I did some multiple choice tasks and got stuck on two statements:

"In RNA, the sugar is present in the 2'-endo conformation". This statement is false, but why? What conformation does the sugar molecule have? How do I recognize the conformation?

"When two nucleotides polymerize, pyrophosphate is released". This statement is correct, but why? Why is pyrophosphate released here? Do we simply not have a single phosphate group here that binds to the C3 atom, i.e., where the hydroxyl group is located? What does this have to do with the release of pyrophosphate? I thought there is no release. I can't imagine anything about it. Could you explain me these things ( graphically and with simple words)?
 
Last edited:
Biology news on Phys.org
  • #2
physicisttobe said:
"In RNA, the sugar is present in the 2'-endo conformation". This statement is false, but why? What conformation does the sugar molecule have? How do I recognize the conformation?
I'm not an expert in this area, but I did find this source:https://casegroup.rutgers.edu/lnotes/dnab.pdf
See slide 23 where it says:
The two types of sugar pucker most commonly found in nucleic acids. The C3′-endo pucker is prevalent in RNA and A-form DNA, whereas the C2′-endo pucker is characteristic of B-form DNA. It is seen that the C3′-endo pucker produces a significantly shorter phosphate-phosphate distance in the backbone, resulting in a more compact helical conformation.

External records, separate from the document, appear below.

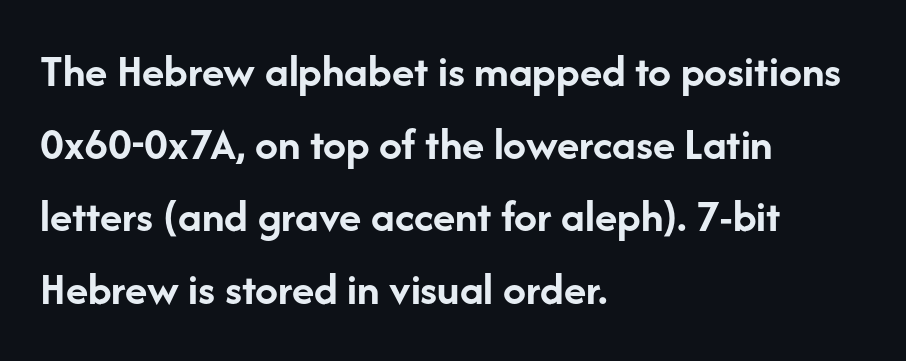
Q: Is the text bold? A: Yes.
Q: Is the text italic (slanted)? A: No, it is upright.
Q: Is the typeface a serif or a sans-serif typeface? A: Sans-serif.
Q: Is the text underlined? A: No.
Q: How is the paragraph aligned? A: Left-aligned.
Q: Is the spacing between letters normal or unusually wide? A: Normal.
Q: Is the spacing between lines tight, normal or loose? A: Normal.
Q: Width (condensed, normal, or wide)? A: Normal.
Q: Stroke contrast? A: Low.
Q: x-height? A: Medium.
Q: Monospaced? A: No.
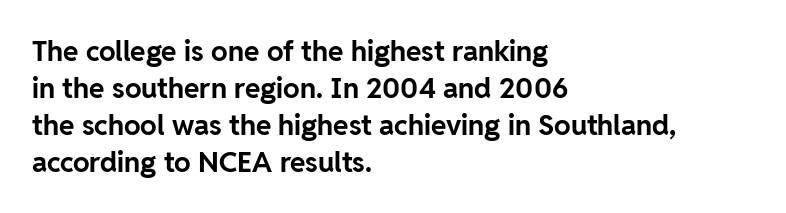
The face used here is rendered with its standard letterfit. The passage shown is typeset with a sans-serif family. Notice how descenders clear the ascenders below comfortably — that's standard leading. Note the varied advance widths — an 'i' is clearly narrower than an 'm'. The ragged edge is on the right, which tells us the setting is flush left. The string is rendered with underlining switched off.

I wish I could help you more.

physicisttobe said:
"When two nucleotides polymerize, pyrophosphate is released". This statement is correct, but why? Why is pyrophosphate released here? Do we simply not have a single phosphate group here that binds to the C3 atom, i.e., where the hydroxyl group is located? What does this have to do with the release of pyrophosphate? I thought there is no release. I can't imagine anything about it. Could you explain me these things ( graphically and with simple words)?
I believe the hydroxyl is located on the 3' end of the DNA or RNA molecule. The triphosphate bonds where the hydroxyl is, turning it into a pyrophosphate since one of the phosphates stays bound between the two nucleotides while the other two are freed.
 
  • Like
Likes TeethWhitener
  • #3
Thank you for your effort. I really appreciate your reply!

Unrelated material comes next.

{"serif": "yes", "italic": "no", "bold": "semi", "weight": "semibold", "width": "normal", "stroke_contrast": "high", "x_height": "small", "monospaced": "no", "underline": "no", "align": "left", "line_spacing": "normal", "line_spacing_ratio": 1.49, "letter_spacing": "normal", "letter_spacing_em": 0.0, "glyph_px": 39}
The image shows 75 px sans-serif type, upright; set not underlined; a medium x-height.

In the solution this statment is false, but when I compare it with your source, then the statment should be correct.
 
  • #4
physicisttobe said:
In the solution this statment is false, but when I compare it with your source, then the statment should be correct.
What do you mean? Doesn't the source say "The C3′-endo pucker is prevalent in RNA", while your test says "In RNA, the sugar is present in the 2'-endo conformation"?
 
  • Like
Likes TeethWhitener
  • #5
physicisttobe said:
I did some multiple choice tasks and got stuck on two statements:

"When two nucleotides polymerize, pyrophosphate is released". This statement is correct, but why? Why is pyrophosphate released here? Do we simply not have a single phosphate group here that binds to the C3 atom, i.e., where the hydroxyl group is located? What does this have to do with the release of pyrophosphate? I thought there is no release. I can't imagine anything about it. Could you explain me these things ( graphically and with simple words)?
Surely it is unreasonable to ask us to write out for you the formula for the reaction which you can't imagine but which must be in your textbook?

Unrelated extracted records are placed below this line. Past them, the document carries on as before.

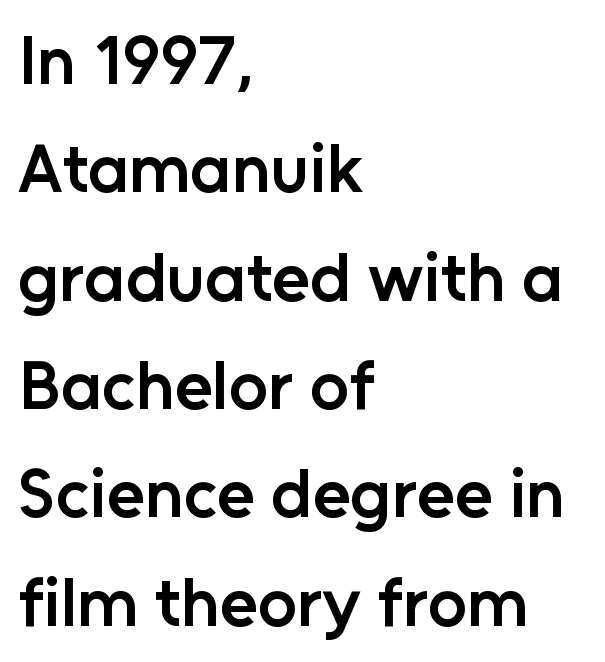
Q: Is the text bold? A: Semi-bold.
Q: Is the text italic (slanted)? A: No, it is upright.
Q: Is the typeface a serif or a sans-serif typeface? A: Sans-serif.
Q: Is the text underlined? A: No.
Q: How is the paragraph aligned? A: Left-aligned.
Q: Is the spacing between letters normal or unusually wide? A: Normal.
Q: Is the spacing between lines tight, normal or loose? A: Normal.
Q: Width (condensed, normal, or wide)? A: Normal.
Q: Stroke contrast? A: Low.
Q: x-height? A: Medium.
Q: Monospaced? A: No.

To why life has evolved to make so much use of triphosphates (We can imagine using diphosphate mostly) I am not aware that we have at present an answer. But for RNA, DNA and protein synthesis, producing pyrophosphate from triphosphates (rather than phosphate from diphosphates) makes the RNA, DNA and protein synthesis reactions "more irreversible": the inorganic pyrophosphate that is produced is then hydrolysed by a pyrophosphatase.
 
Last edited:
  • Like
Likes BillTre
  • #6
Okay, I got it! I had a fallacy.
Thanks for your response!
 

Related to Biochemistry (Nucleotide Polymerization)

1. What is nucleotide polymerization?

Nucleotide polymerization is the process by which nucleotides, the building blocks of DNA and RNA, are joined together to form long chains called polynucleotides. This process is crucial for the synthesis of genetic material and the transmission of genetic information.

2. How does nucleotide polymerization occur?

Nucleotide polymerization occurs through a series of chemical reactions that involve the formation of phosphodiester bonds between the phosphate group of one nucleotide and the sugar group of another. This results in a chain of nucleotides connected by a sugar-phosphate backbone.

3. What is the role of enzymes in nucleotide polymerization?

Enzymes play a crucial role in nucleotide polymerization by catalyzing the chemical reactions that join nucleotides together. These enzymes, such as DNA polymerase and RNA polymerase, are specialized proteins that ensure the accuracy and efficiency of nucleotide polymerization.

4. What is the difference between DNA and RNA polymerization?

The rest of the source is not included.